Another day, another Greek deadline: Today, the Greeks have to:
1) Produce written commitments from the two main party leaders that they plan to stick to the austerity program after Greek elections in April; and
2) detail how it will cut an extra 325 million euros ($428 million) euro zone finance ministers insist be cut before the second bailout money — 130 billion euros, or $171 billion — is released.
Even if the Greeks deliver on the two above demands, the money may not come immediately. The Dutch, the Finns, and the Germans will have to provide political ratification for the bailout. The Germans are scheduled to discuss and possibly vote on the deal on Feb. 27.
The Europeans have good reason to be wary of giving all of the 130 billion euros to Greece in a single payment. This quote from New Democracy party leader Antonis Samaras was widely circulated yesterday: “I am calling you to vote for the new loan agreement because I want to avoid falling into the abyss, to restore stability, so that we can have the possibility tomorrow to negotiate and change the policy that is being imposed upon us today,” he told parliament. “[T]o negotiate and change the policy that is being imposed on us today.”
That’s why the Europeans don’t trust the Greeks.
Another deadline looms tomorrow: A Eurogroup meeting is scheduled to approve the Greek austerity bill, and also the private sector debt swap (PSI), but there is still no agreement on that. The euro zone meeting will amount to nothing unless Greece delivers on the two demands above.
There's is also supposed to be an assessment of Greece's debt sustainability from the “troika” (European Union/International Monetary Fund /European Central Bank ). They have been shooting to reduce Greece’s debt burden from 160 percent of gross domestic product to 120 percent by 2020.

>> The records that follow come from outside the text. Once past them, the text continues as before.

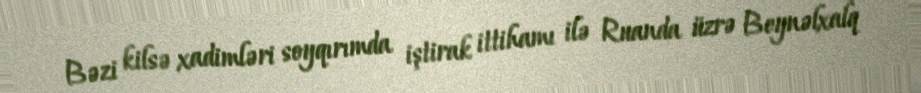
Bəzi kilsə xadimləri soyqırımda iştirak ittihamı ilə Ruanda üzrə Beynəlxalq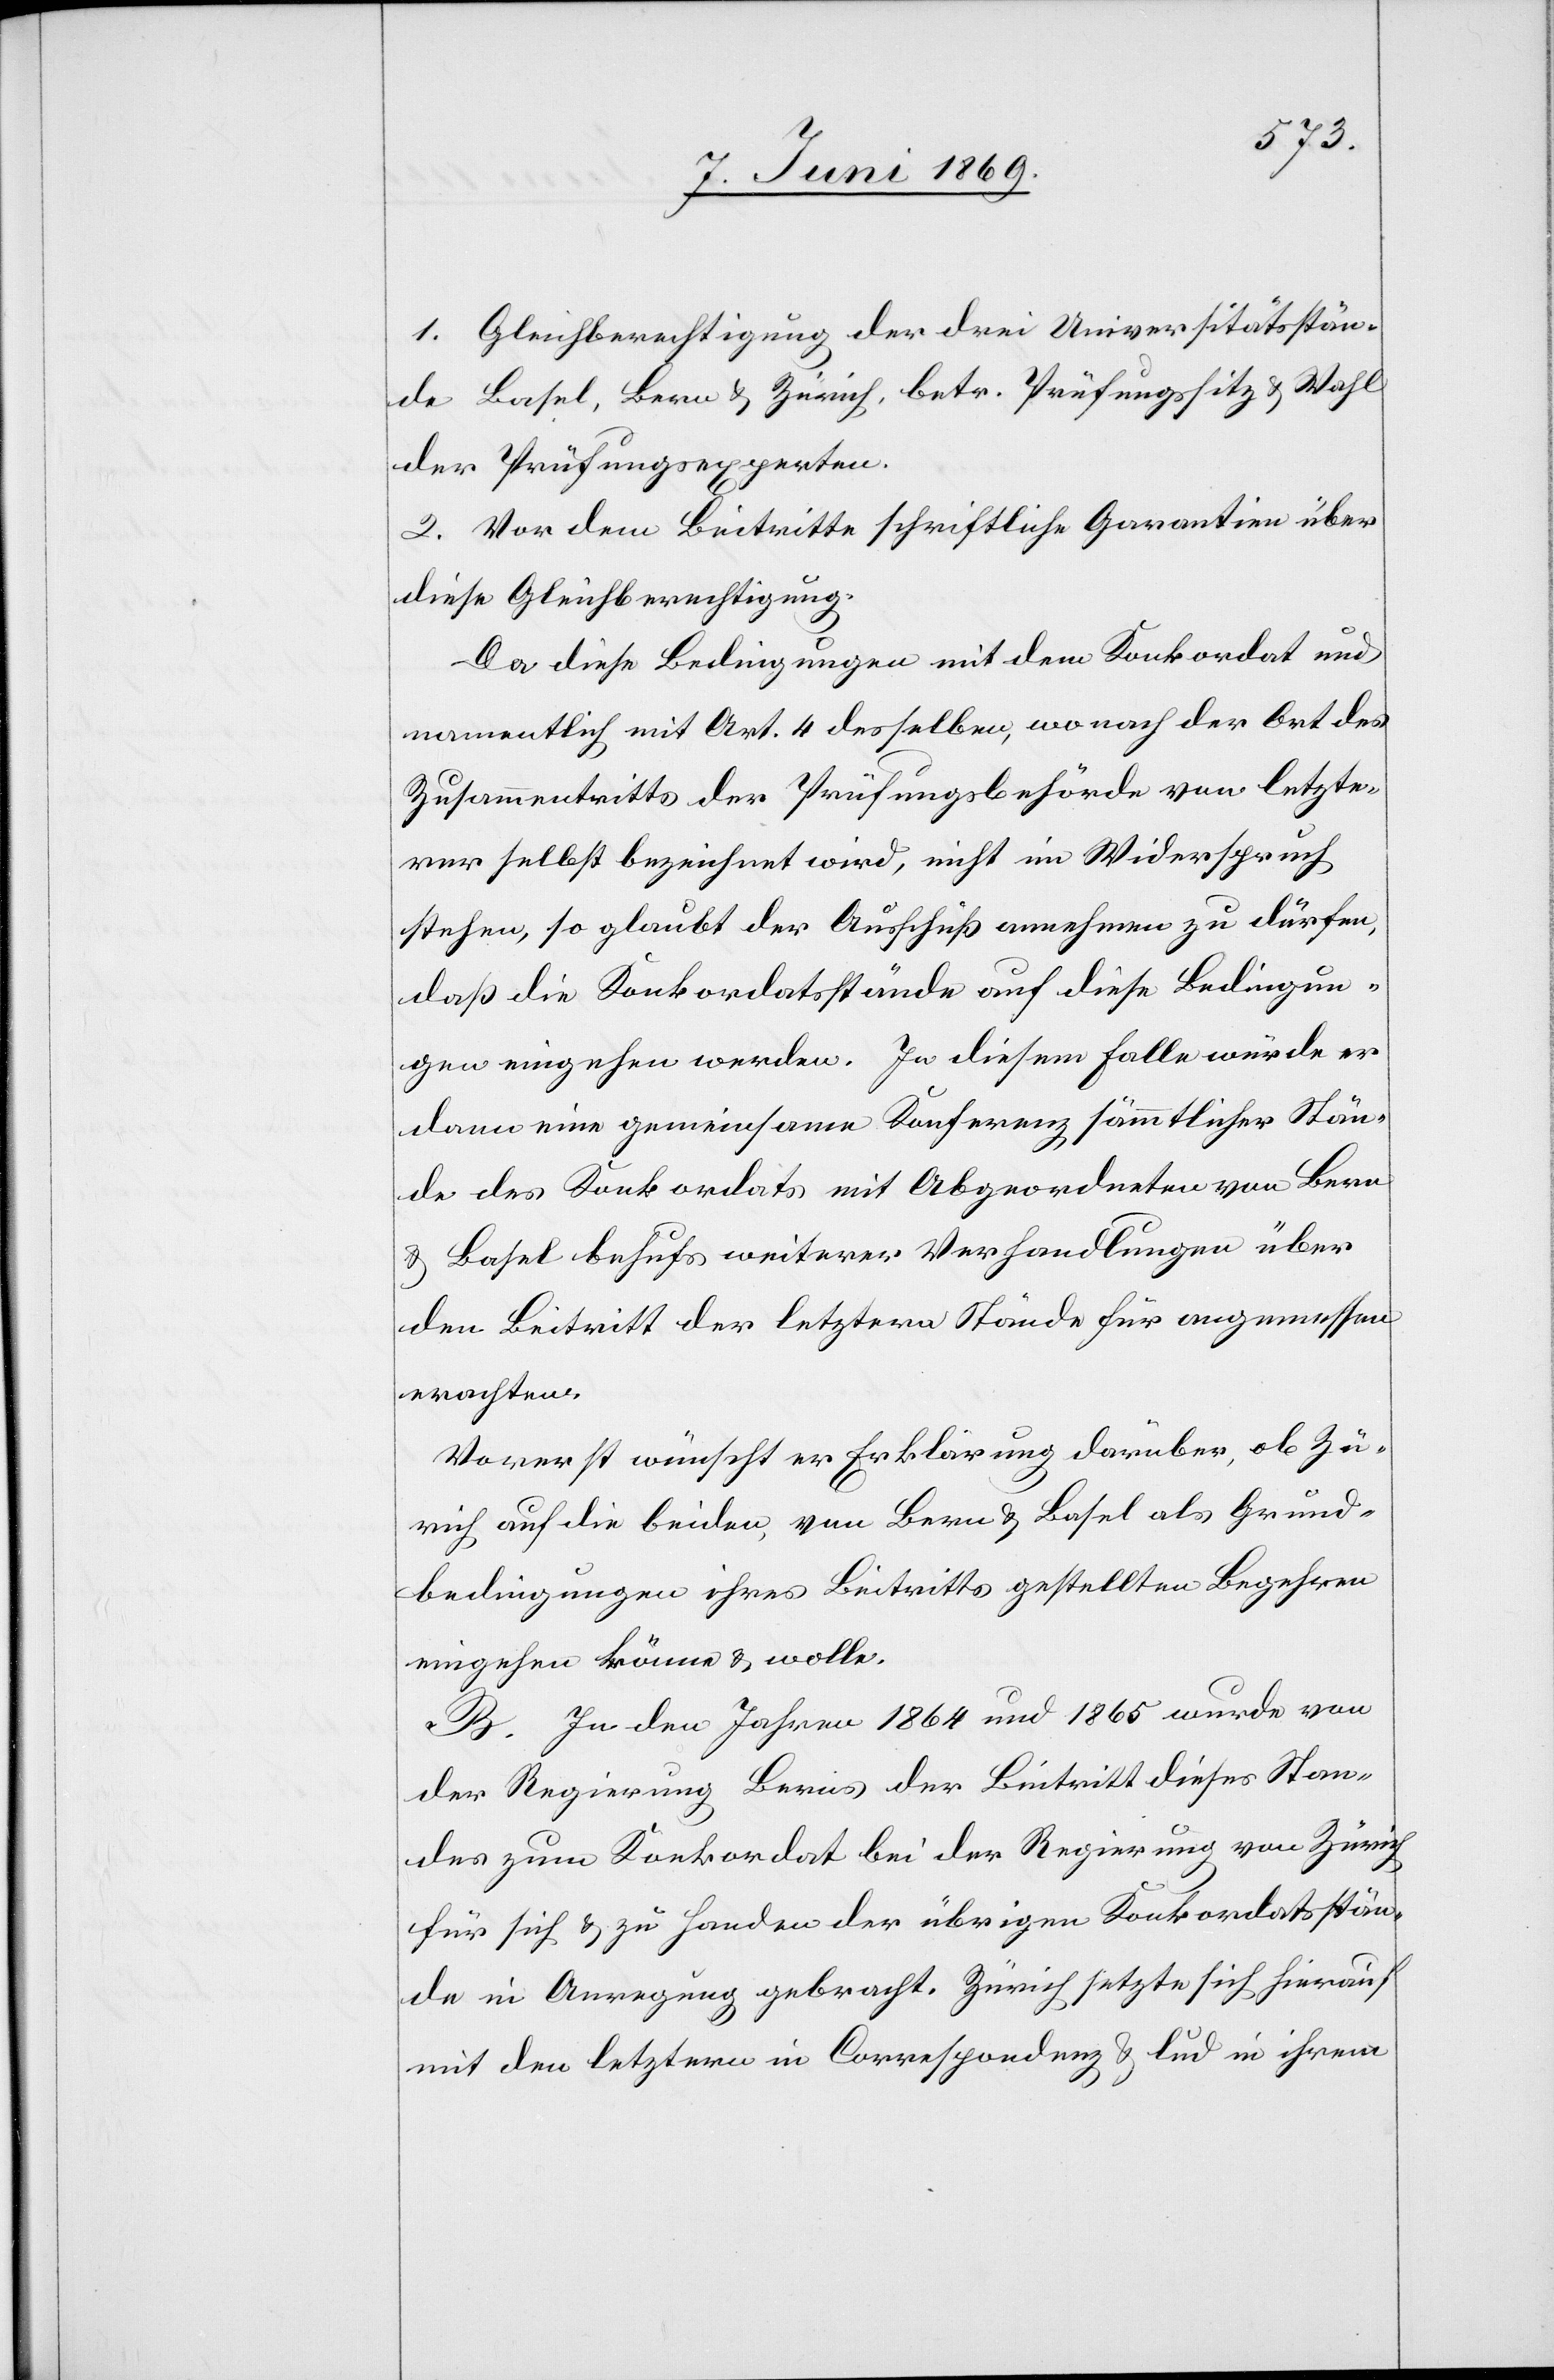
1. Gleichberechtigung der drei Universitätsstän¬
de Basel, Bern u. Zürich, betr. Prüfungssitz u. Wahl
der Prüfungsexperten.
2. Vor dem Beitritte schriftliche Garantien über
diese Gleichberechtigung.
Da diese Bedingungen mit dem Konkordat und
namentlich mit Art. 4 desselben, wonach der Ort des
Zusammentritts der Prüfungsbehörde von letzte¬
rer selbst bezeichnet wird, nicht im Widerspruch
stehen, so glaubt der Ausschuß annehmen zu dürfen,
daß die Konkordatsstände auf diese Bedingun¬
gen eingehen werden. In diesem Falle würde er
dann eine gemeinsame Konferenz sämmtlicher Stände
erachten.
Vorerst wünscht er Erklärung darüber, ob Zü¬
rich auf die beiden, von Bern u. Basel als Grund¬
bedingungen ihres Beitrittes gestellten Begehren
eingehen könne u. wolle.
B. In den Jahren 1864 und 1865 wurde von
der Regierung Berns der Beitritt dieses Stan¬
des zum Konkordat bei der Regierung von Zürich
für sich u. zu Handen der übrigen Konkordatsstän¬
de in Anregung gebracht. Zürich setzte sich hierauf
mit den letztern in Correspondenz u. lud in ihrem

Good luck on that: The simple truth is no one has a clue what the Greek GDP is, even for this year. Greek GDP dropped by 7 percent on the year in the fourth quarter of 2011.
Meanwhile, talk is turning to building a stronger firewall around the remaining EU members. On Feb. 25, finance ministers from the Group of 20 industrialized nations meet in Mexico City. The IMF’s Christine Lagarde has argued that it would be easier for her to raise more funds from fund members if the EU could come up with more money. The EU’s rescue fund, the European Stability Mechanism, currently is capped at 500 billion euros ($658 billion).

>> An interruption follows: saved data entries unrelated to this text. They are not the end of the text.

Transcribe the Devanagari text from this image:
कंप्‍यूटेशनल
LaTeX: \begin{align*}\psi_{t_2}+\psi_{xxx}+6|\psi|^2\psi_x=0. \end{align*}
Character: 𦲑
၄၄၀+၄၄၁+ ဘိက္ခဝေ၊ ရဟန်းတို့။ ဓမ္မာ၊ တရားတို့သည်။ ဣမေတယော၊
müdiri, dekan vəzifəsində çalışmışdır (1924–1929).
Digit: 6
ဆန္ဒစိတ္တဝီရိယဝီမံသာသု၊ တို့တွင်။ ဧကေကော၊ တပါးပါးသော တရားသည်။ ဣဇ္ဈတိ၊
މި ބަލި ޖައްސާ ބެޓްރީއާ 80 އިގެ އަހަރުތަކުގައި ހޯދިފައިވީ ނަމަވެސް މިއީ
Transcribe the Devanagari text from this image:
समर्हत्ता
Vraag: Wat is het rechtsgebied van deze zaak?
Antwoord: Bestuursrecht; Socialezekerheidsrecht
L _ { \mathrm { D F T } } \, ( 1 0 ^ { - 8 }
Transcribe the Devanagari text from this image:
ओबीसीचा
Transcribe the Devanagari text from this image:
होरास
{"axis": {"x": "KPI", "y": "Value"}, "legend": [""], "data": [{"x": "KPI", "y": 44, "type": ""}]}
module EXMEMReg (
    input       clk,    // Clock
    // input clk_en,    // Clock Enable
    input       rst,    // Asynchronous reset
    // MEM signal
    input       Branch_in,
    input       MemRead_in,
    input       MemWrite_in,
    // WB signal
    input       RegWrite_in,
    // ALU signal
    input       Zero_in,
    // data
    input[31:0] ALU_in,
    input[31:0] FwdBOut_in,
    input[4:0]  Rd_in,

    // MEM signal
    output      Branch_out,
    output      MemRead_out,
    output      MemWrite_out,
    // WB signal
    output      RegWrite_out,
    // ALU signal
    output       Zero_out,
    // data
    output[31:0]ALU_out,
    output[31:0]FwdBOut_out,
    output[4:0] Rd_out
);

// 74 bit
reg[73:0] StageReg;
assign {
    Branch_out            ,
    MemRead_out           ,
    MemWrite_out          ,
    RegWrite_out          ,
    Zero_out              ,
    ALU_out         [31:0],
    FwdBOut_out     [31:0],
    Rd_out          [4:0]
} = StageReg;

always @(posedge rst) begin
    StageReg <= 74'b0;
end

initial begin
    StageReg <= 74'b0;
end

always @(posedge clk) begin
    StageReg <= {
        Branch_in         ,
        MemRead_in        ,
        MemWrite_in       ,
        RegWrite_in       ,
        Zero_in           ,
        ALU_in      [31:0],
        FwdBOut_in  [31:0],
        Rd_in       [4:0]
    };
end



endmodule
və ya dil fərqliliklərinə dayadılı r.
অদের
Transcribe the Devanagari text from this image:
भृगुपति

Is there ever going to be a Greek deal? EU leaders meet on March 1. There’s your deadline for another announcement.
1) German sentiment improves dramatically: The ZEW survey of German economic sentiment rose from minus 21.6 in January to 5.4, a much bigger jump than expected.

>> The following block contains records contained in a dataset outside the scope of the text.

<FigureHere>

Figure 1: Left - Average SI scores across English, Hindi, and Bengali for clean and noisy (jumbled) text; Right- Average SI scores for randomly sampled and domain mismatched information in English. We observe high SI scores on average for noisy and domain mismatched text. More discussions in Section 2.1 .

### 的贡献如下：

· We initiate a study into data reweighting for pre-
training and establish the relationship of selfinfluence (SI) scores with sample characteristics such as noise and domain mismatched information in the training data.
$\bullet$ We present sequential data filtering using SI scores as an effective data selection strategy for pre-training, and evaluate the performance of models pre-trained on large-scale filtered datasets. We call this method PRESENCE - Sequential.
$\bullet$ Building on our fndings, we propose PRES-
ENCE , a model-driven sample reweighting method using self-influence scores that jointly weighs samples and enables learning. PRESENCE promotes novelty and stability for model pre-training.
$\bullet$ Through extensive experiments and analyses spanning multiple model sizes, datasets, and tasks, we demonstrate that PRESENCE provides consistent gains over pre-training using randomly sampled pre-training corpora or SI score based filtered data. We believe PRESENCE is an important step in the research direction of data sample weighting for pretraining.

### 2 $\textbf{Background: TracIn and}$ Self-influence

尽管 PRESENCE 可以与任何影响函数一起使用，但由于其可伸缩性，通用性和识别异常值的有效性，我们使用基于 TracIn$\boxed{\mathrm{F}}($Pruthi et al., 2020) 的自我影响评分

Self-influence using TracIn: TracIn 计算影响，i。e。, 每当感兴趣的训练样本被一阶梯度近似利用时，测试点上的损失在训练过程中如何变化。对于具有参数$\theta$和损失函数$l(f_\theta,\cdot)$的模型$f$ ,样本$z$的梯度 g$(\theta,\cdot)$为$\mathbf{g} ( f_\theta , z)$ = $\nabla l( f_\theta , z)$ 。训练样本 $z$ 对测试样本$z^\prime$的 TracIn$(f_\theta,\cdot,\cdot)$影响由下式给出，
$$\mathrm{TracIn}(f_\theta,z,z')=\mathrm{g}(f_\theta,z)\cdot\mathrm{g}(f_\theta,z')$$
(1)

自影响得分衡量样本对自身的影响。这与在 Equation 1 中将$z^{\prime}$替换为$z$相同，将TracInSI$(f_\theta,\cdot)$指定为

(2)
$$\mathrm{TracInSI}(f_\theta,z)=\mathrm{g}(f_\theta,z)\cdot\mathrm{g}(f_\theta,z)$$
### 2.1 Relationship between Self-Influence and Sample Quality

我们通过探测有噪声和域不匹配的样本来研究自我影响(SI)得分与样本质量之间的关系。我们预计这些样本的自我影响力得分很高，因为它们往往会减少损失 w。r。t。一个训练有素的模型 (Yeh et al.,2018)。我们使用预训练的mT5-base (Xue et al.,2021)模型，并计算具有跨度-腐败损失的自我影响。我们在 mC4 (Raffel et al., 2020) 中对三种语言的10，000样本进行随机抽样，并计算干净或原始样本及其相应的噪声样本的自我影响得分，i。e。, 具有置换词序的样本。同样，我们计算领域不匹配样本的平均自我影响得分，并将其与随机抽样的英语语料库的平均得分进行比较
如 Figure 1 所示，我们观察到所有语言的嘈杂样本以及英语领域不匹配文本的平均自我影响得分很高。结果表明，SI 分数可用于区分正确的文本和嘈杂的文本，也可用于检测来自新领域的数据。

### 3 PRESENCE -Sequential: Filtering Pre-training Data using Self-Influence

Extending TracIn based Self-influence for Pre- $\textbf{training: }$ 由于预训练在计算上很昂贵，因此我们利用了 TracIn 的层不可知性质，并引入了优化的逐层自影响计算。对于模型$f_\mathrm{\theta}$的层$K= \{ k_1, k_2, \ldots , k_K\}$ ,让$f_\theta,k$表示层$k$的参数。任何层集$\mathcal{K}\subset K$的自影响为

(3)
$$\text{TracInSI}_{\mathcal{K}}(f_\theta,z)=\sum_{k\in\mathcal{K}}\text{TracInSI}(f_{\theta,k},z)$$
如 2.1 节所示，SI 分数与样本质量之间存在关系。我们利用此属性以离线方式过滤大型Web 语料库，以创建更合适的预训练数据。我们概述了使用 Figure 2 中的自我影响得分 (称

2) Italy sees fair demand at a debt auction, driving its borrowing costs lower. Italy sold 6 billion euros ($7.9 billion) of three-year, four-year, and five-year bonds with the yield on its November 2014 bond dropping to 3.41 percent, its lowest in almost a year. The sale had a bid-to-cover ratio of 1.4 times and came just hours after Moody’s cut Italy’s credit rating one notch. The debt sale puts Italian bond issuance settled this year at 35.4 billion euros ($46.9 billion), a third of the 90 billion euros ($118 billion) of maturing debt the country must repay or roll over between February and the end of April.
3) Mixed earnings reports:
Masco falls 7.4 percent pre-market after yesterday reporting a wider-than-expected loss in the fourth quarter. The home improvement company warned it’s heading into 2012 with cautious optimism and said it remained concerned about economic conditions in Europe.
InterContinental Hotels down 1.3 percent pre-open after the hotelier reported 2011 operating profit up 26 percent to $559 million, boosted by a recovery in the U.S. and a handful of new Chinese hotel openings. The company, which owns Crowne Plaza and Holiday Inn, said business is improving in the U.S. due to a healthier economy and job creation in a region that makes about two-thirds of the hotelier’s profit. The company expects 2012 to benefit from emerging market demand, especially in China.
Michael Kors Holdings surges 16.2 percent pre-open after the fashion company beat analysts’ third-quarter expectations. The company posted third-quarter earnings per share of $0.20, versus the Street’s $0.09 view. Michael Kors made a strong market debut in December when it priced at a higher-than-expected $20. Its shares jumped more than 36 percent in the third quarter.